The point of all this is that the Internet is not 
essentially about authoritarianism. Rather, it is a 
classically liberal extension of communicational freedoms, 
in the strong sense of liberalism as a political-economic 
philosophy dating back to the seventeenth century, a 
philosophy that organizes "freedom" to serve the values and 
aims of free markets. Liberal societies have always been 
rather tumultuous, because in them, the principle goal 
(capitalist growth) can only be realized by the maintenance 
of freedoms that allow all kinds of debate and bottom-up 
organization in pursuit of other goals. The Internet has 
been an amazing episode in this sense. Since its 
massification in the 90s, it has made the world infinitely 
more interesting, and also, more unpredictable.

However, that doesn't mean that a Bush-style regime cannot 
follow in Mussolini's footsteps and decide to inject 
capitalist society with high doses of nationalist propaganda 
as a strategy to regain control amidst a crisis, like the 
one we are living through now. (But do these control crises 
ever end? or do they just mutate into others?). 
Authoritarian regimes can also add high levels of 
surveillance to balance out the liberal freedoms, which they 
did in the thirties and are doing again today. This happens 
particularly when capitalism starts to produce its own 
opposition, through unemployment crises, ecological 
disasters or cultural clashes. For capitalism, authoritarian 
regimes are a worst-case scenario.

On a deeper level, liberal societies can seek to standardize 
cultural values, slowly eliminating conflict by making 
different values and goals unimaginable.
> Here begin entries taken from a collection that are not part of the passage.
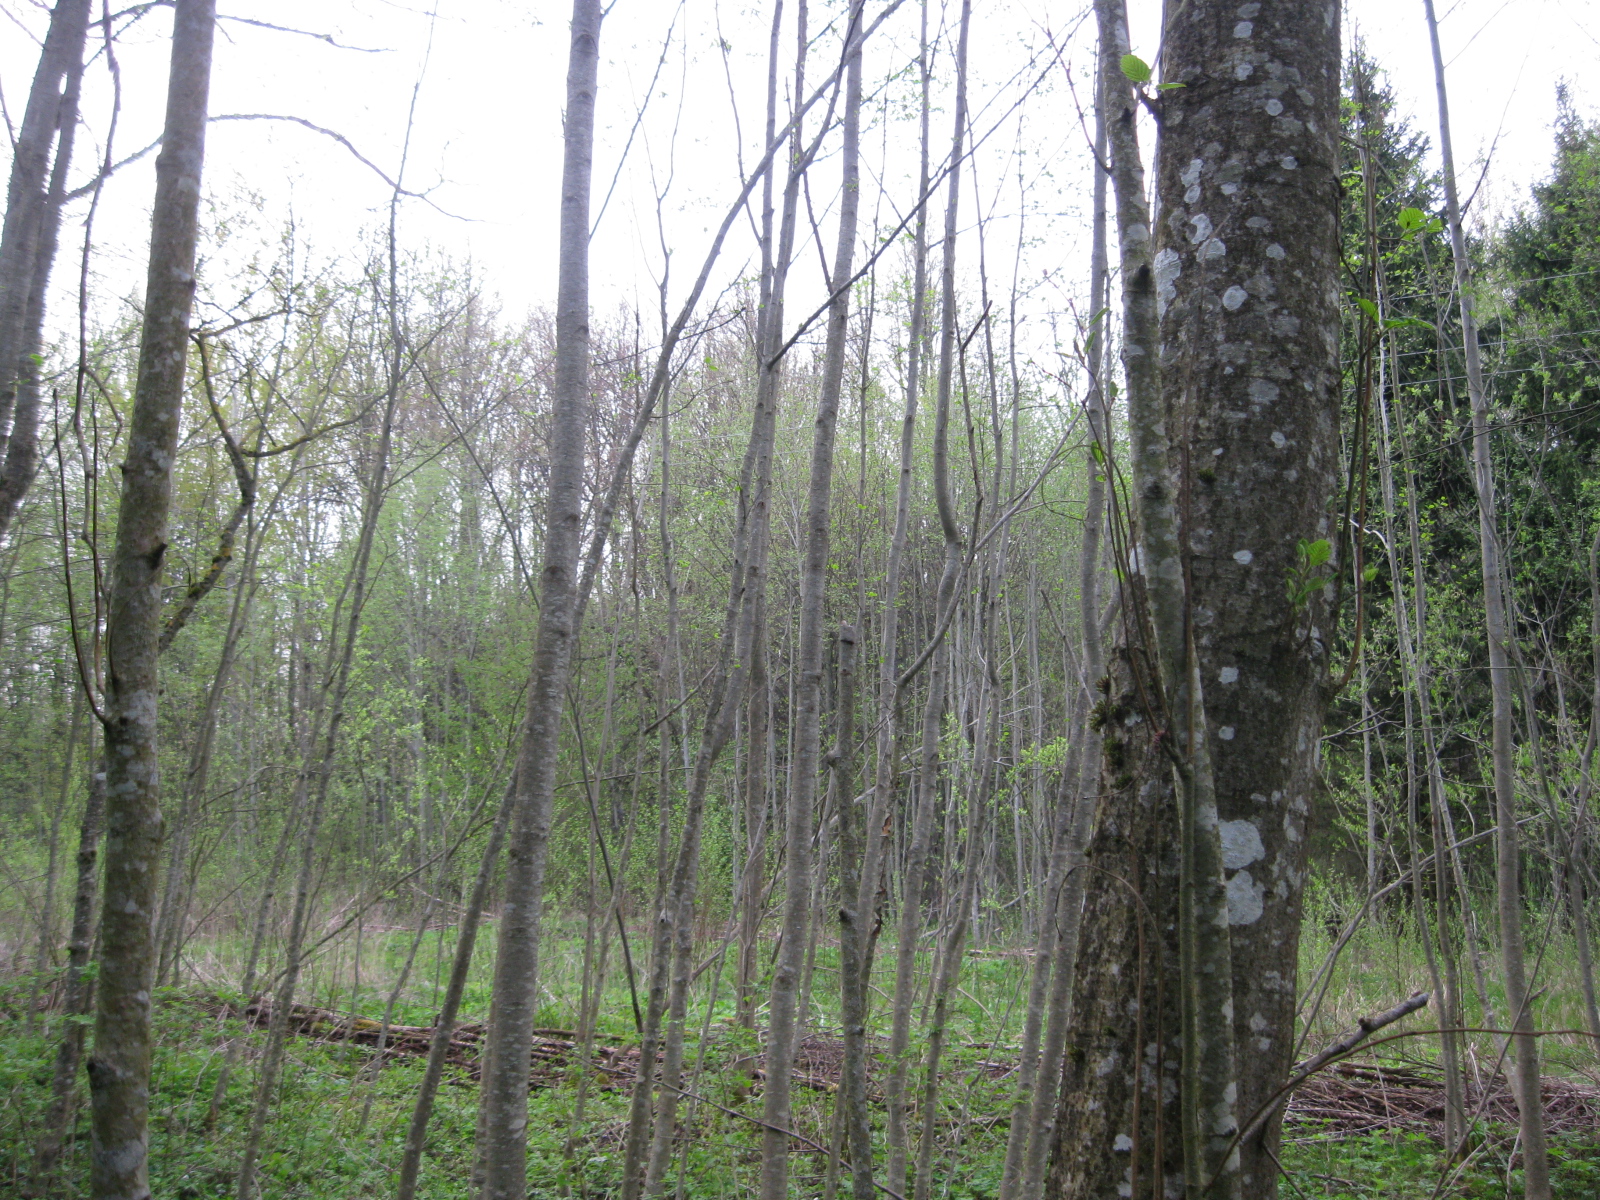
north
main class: Woodland
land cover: Broadleaved woodland
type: non-riverine alder, birch or aspen forest
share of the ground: > 75 %
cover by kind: broadleaved forest trees 85 %, herbaceous plants 10 %, lichens and mosses 5 %
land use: Forestry
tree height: > 5 m
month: May
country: LT
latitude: 56.2221
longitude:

The current version 
of this long-term, large-scale strategy is what we call 
"globalization." In short, Mickey for everyone. Or more 
precisely, Mickey with broadband.

The Internet, despite its quite amazing openness, can be 
used for all these control strategies. Thus it is 
fundamentally ambiguous, just like the other communications 
technologies deployed in the name of economic liberalism. 
But even more so, because it has been developed for a wider 
variety of functions than previous technologies: it supports 
multimedia; send as well as receive; one-to-one and 
one-to-many communication; all in the same technology. Most 
importantly, the Internet works through reprogrammable 
computers: it introduces the possibility of 
counter-programming into the information society. For these 
reasons, the Internet is a democratic joker in the works of 
social control. At the same time as it fits into a pattern 
of information use to control industrial processing, 
structure markets and encourage consumption, it also feeds 
conflicts about whether industrial growth and economic 
circulation are really the only values around which society 
should be structured. The Internet is not a fascist or 
totalitarian plot, but it is a result of highly complex 
socio-economic planning which typically contains (and in 
some cases founders on) its own contradictions.

That said, those who want to explain how the world works 
only in terms of the Internet, or the television, or 
advertising, or whatever single phenomenon, are really 
wasting their time. Social relations, economic developments 
and power struggles involve much more than a single technology!